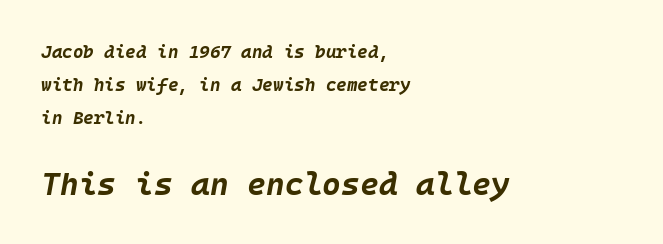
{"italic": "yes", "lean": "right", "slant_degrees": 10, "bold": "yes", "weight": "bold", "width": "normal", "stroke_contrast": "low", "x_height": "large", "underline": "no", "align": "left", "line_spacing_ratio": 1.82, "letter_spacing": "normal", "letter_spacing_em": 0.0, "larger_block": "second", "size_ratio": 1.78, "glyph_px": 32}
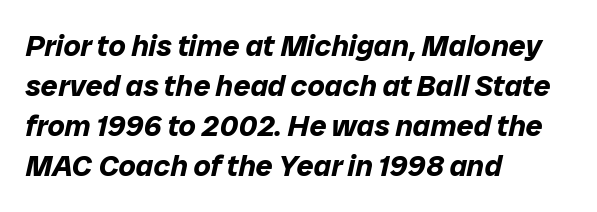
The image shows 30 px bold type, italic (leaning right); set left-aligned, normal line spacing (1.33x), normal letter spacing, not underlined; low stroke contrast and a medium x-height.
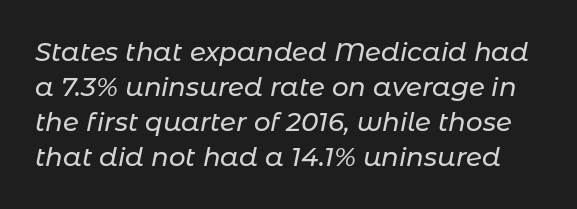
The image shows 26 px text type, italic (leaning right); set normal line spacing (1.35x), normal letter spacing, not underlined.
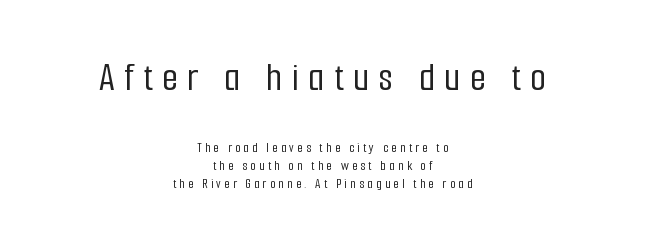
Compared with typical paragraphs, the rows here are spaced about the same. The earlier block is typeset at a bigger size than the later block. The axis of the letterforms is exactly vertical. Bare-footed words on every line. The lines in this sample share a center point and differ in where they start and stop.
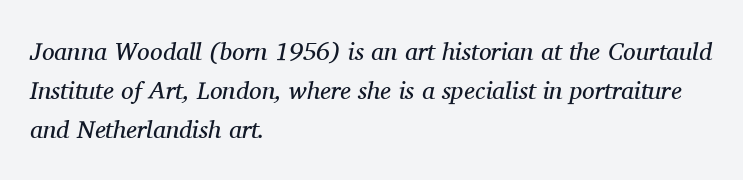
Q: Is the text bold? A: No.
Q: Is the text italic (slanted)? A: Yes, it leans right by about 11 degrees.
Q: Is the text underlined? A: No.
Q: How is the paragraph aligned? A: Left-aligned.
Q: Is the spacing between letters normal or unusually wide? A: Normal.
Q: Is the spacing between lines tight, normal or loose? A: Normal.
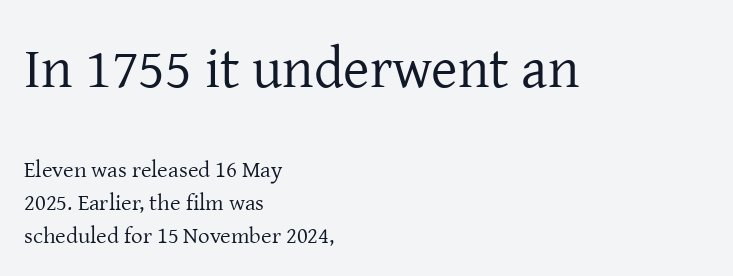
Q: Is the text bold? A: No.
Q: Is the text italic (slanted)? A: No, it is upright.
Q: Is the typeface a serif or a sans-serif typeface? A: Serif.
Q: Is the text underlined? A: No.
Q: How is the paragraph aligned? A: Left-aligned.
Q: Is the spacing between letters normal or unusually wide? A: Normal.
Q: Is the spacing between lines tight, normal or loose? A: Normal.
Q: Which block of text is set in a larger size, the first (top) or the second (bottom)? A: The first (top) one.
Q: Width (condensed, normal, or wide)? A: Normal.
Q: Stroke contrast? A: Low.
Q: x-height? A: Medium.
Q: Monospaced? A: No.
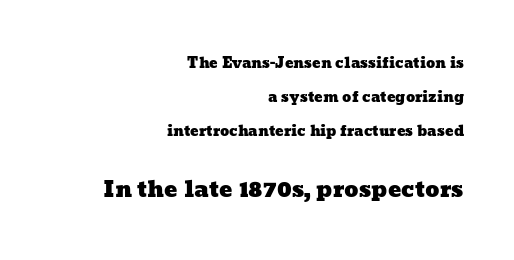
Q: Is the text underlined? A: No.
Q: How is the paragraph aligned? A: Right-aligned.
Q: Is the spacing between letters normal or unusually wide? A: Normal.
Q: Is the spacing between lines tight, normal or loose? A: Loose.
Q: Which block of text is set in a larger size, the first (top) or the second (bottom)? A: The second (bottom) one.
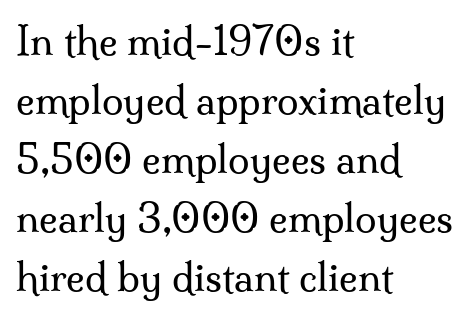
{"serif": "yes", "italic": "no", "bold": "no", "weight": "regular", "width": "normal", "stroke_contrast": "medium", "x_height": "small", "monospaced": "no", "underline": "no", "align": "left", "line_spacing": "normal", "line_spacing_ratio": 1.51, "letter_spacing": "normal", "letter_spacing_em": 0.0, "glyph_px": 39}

______

[EXERCISE DIRECTIONS]:
Pictures must be left out of the answer, which should be exactly the lines from the one holding "Q: Monospaced? A: No." through the last line of the entries above, both included; please add nothing.

[ANSWER FOR THE TASK]:
Q: Monospaced? A: No.
Q: Is the text underlined? A: No.
Q: How is the paragraph aligned? A: Right-aligned.
Q: Is the spacing between letters normal or unusually wide? A: Normal.
Q: Is the spacing between lines tight, normal or loose? A: Loose.
Q: Which block of text is set in a larger size, the first (top) or the second (bottom)? A: The second (bottom) one.
{"serif": "yes", "italic": "no", "bold": "no", "weight": "regular", "width": "normal", "stroke_contrast": "medium", "x_height": "small", "monospaced": "no", "underline": "no", "align": "left", "line_spacing": "normal", "line_spacing_ratio": 1.51, "letter_spacing": "normal", "letter_spacing_em": 0.0, "glyph_px": 39}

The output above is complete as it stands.